The ingredients are simple! I use Dr. Harvey’s base-mixes for a nutritionally complete foundation, and for the protein sources, I mainly use chicken livers, thighs and eggs, as well as ground chuck.  And in order to help assure raw food safety when handling the protein sources, the following are important to me:

  1. The meat and eggs I use come from higher-end grocery stores that offer pasture-raised, grass-fed choices.  It may sound pricey, but I’ve learned to “shop for deals,” even for such specific products! My favorite store these days is Earthfare, where I can find chicken livers for as low as $2.49 a pound, chicken thighs for $2.99 a pound and grass-fed ground chuck for $3.99 a pound.  They have weekly sales on their meats and whenever a meat is on sale, I stock up.  Also, ask about their bulk discount if you are feeding multiple dogs!

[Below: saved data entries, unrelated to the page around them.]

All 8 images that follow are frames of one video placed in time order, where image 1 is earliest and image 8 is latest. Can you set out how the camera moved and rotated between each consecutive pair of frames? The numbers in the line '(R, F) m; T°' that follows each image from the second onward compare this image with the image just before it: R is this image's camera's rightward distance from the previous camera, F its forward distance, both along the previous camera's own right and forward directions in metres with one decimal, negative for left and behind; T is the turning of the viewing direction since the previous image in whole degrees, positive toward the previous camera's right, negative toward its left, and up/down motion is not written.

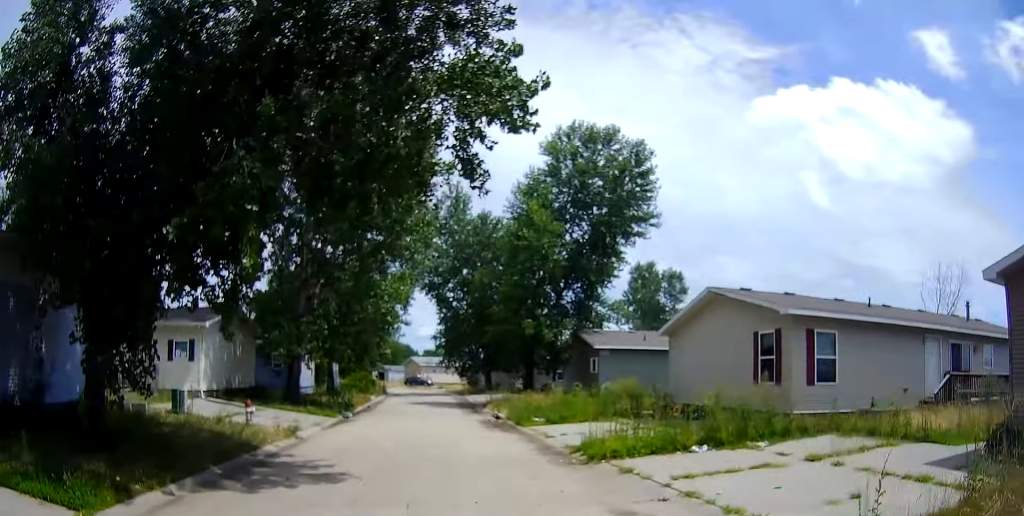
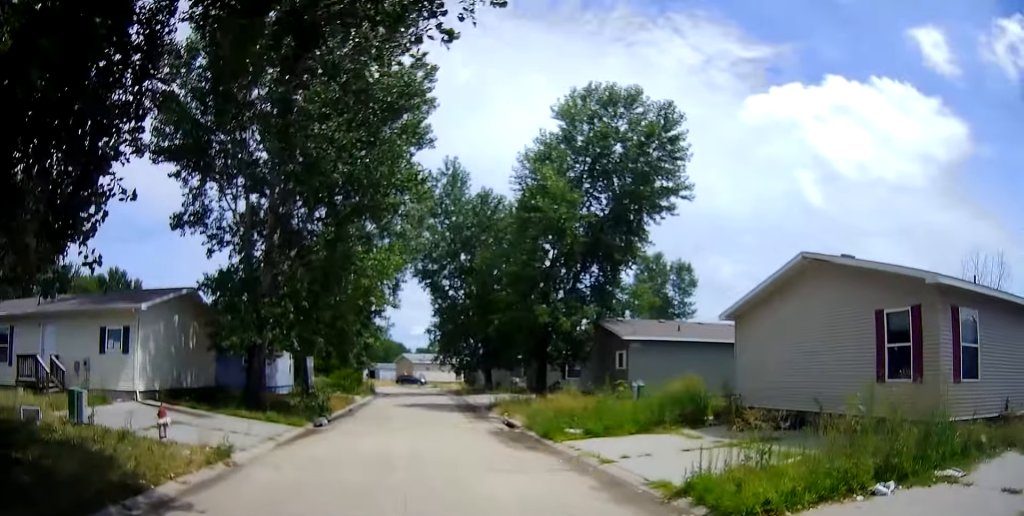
(0.0, +5.7) m; 0°
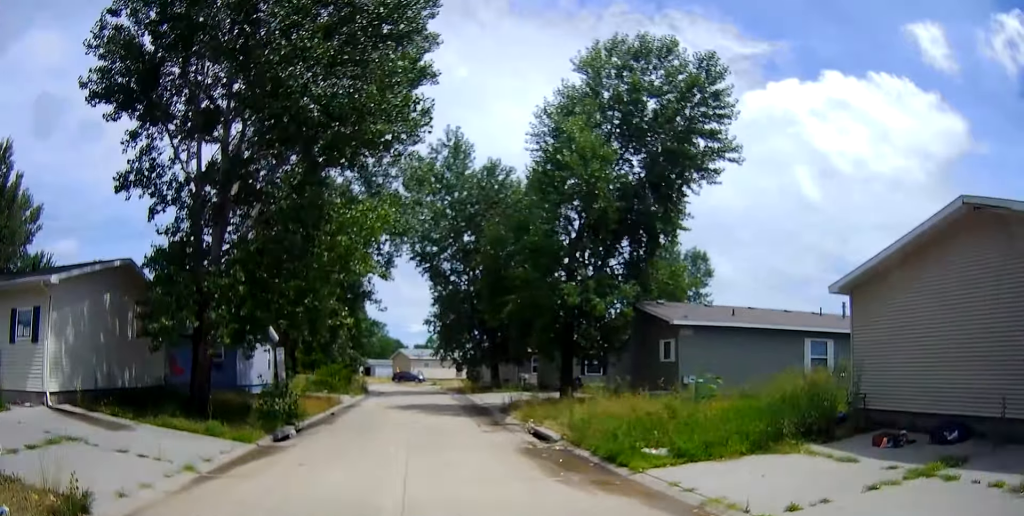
(0.0, +5.6) m; 0°
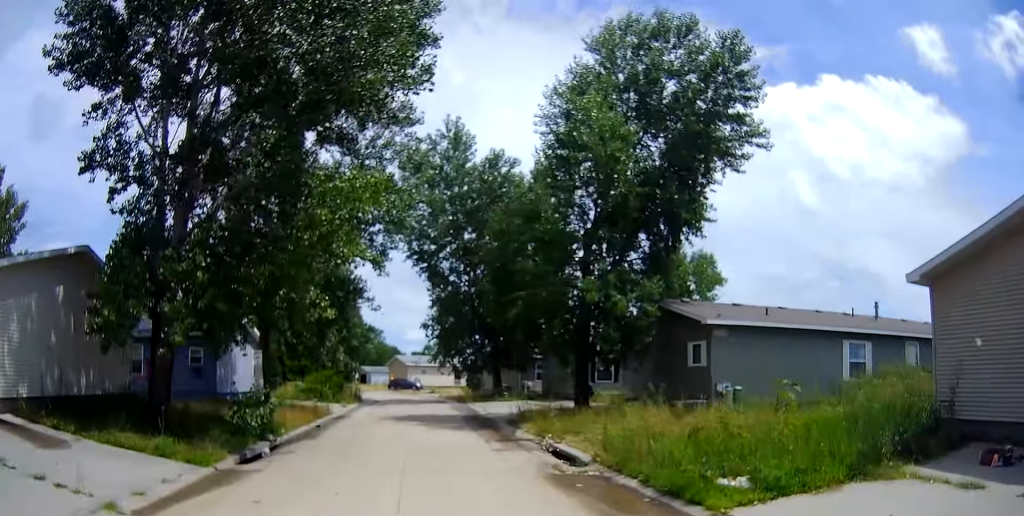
(0.0, +2.8) m; -1°
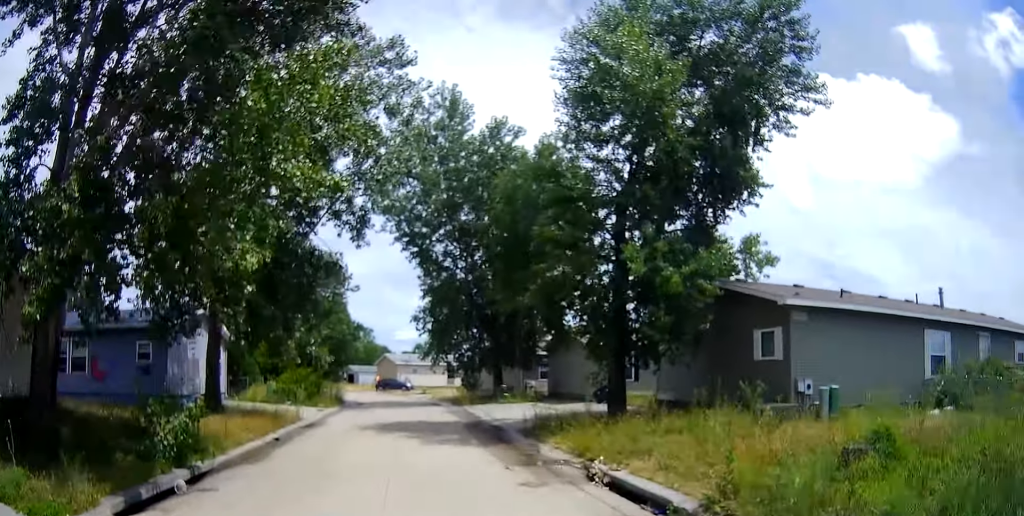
(+0.1, +4.9) m; -3°
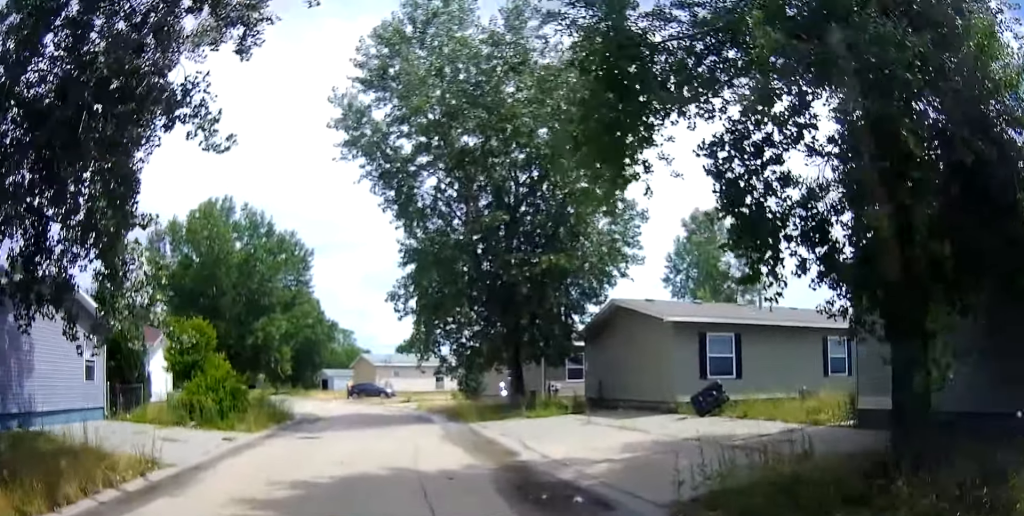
(+0.5, +11.5) m; +7°
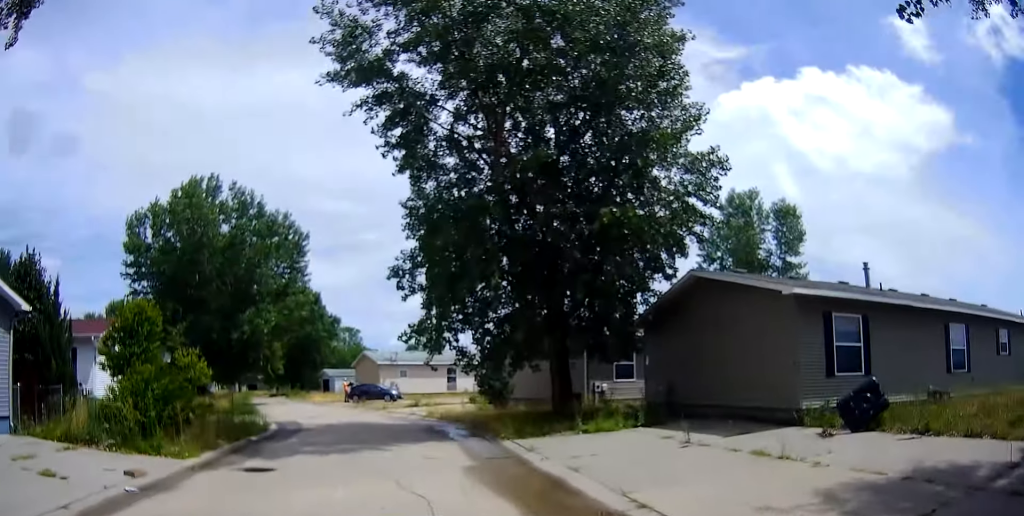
(+0.2, +6.4) m; 0°
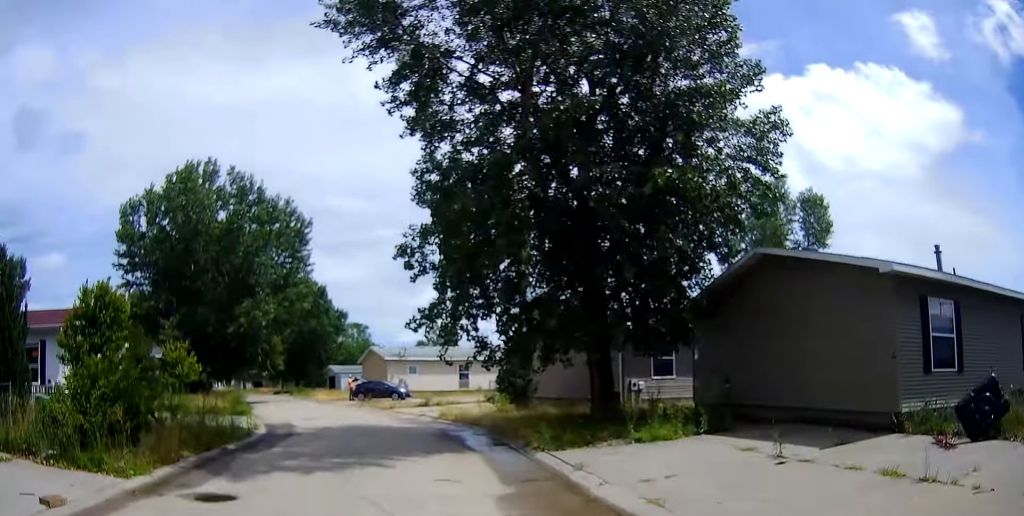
(-0.1, +3.2) m; -2°

  2. I wear disposable gloves when cutting and measuring the meat.
  3. I use a Food Saver to Vacu-seal the meat in for freezer storage, and I freeze two days’ worth of meats in each package. 

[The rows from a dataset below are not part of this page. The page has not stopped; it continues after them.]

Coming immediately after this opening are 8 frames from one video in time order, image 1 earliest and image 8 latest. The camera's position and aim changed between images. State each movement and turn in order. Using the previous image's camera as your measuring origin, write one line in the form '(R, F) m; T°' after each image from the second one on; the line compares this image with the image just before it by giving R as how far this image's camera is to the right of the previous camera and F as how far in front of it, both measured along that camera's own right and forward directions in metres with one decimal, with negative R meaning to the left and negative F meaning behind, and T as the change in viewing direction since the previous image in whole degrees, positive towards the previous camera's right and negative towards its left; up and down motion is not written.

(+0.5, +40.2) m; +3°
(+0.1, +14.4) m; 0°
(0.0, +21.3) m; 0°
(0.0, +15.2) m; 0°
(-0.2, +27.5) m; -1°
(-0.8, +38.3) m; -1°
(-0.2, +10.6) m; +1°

  4. I date and rotate the packages so that the meats are frozen for at least two weeks before thawing.
  5. The meat goes straight from freezer to fridge for thawing.  
  6. Once the meat is semi-thawed, I put it in an airtight glass Tuberware container, and place it back into the fridge.

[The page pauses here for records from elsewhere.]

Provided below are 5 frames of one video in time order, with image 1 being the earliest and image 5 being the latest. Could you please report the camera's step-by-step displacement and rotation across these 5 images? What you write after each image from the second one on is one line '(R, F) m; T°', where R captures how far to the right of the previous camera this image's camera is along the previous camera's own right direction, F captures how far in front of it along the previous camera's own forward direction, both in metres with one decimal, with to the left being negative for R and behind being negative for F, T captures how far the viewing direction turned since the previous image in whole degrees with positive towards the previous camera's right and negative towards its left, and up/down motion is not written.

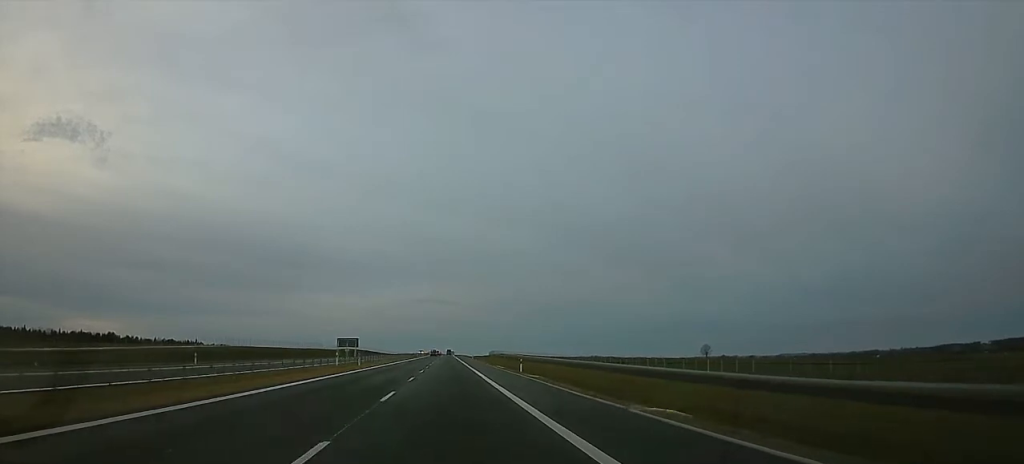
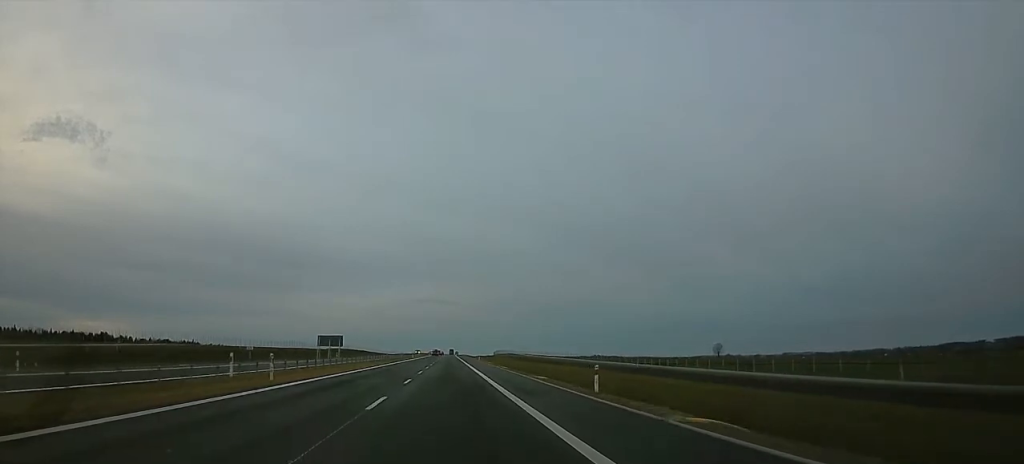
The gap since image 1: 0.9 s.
(0.0, +26.6) m; 0°
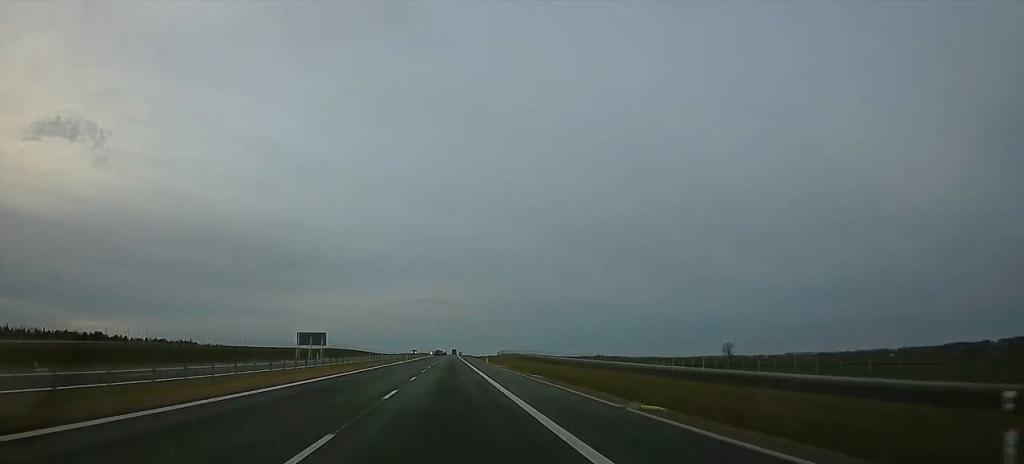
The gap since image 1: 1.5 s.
(0.0, +20.4) m; 0°
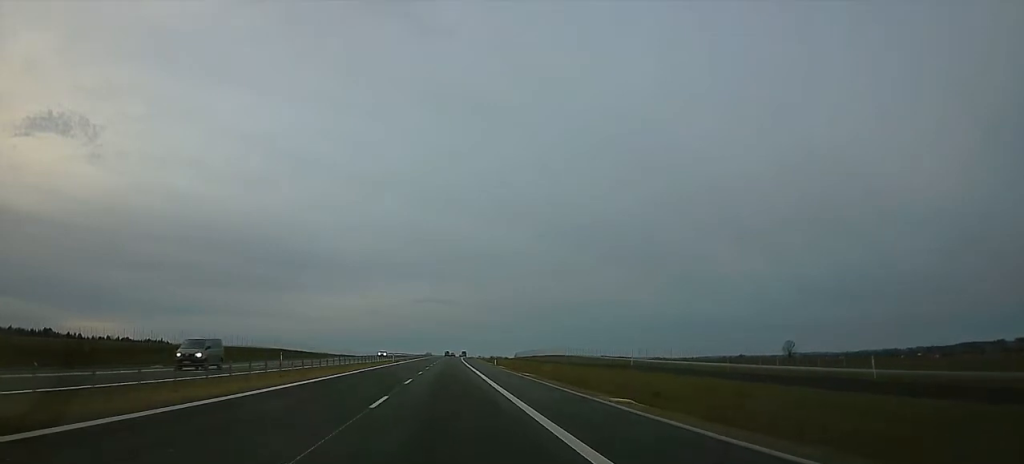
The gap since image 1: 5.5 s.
(-2.9, +121.8) m; -1°
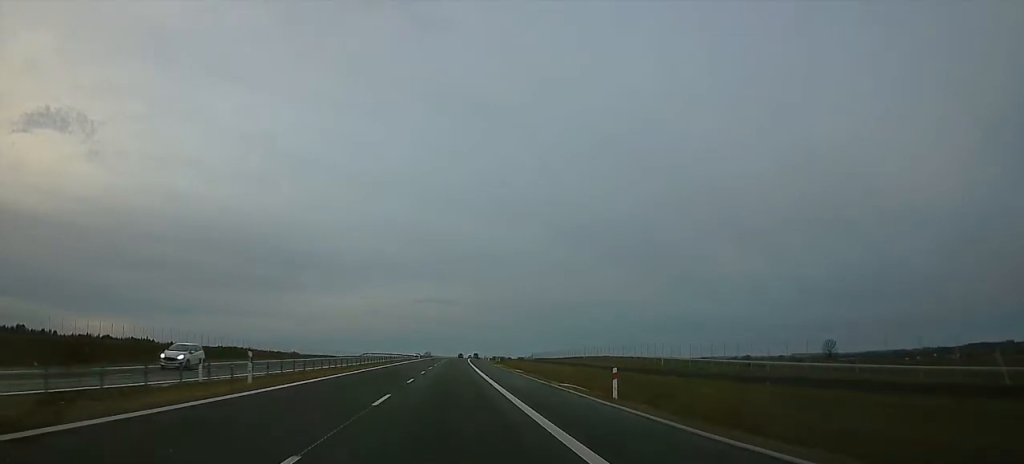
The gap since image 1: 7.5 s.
(+1.5, +59.1) m; +1°

  7. Occasionally, I will use slightly frozen meats (in particular, chicken) in their meals.

And, of course, my procedure is equally meticulous for the clean-up as it is for the meal-prep itself.

  1. I wash the stainless steel dog bowls in the dishwasher after each feeding. I also spray the bowls with 7th Generation disinfectant before placing them in the dishwasher. 
  2. I use stainless steel water bowls so I can change out their water easily at least twice a day.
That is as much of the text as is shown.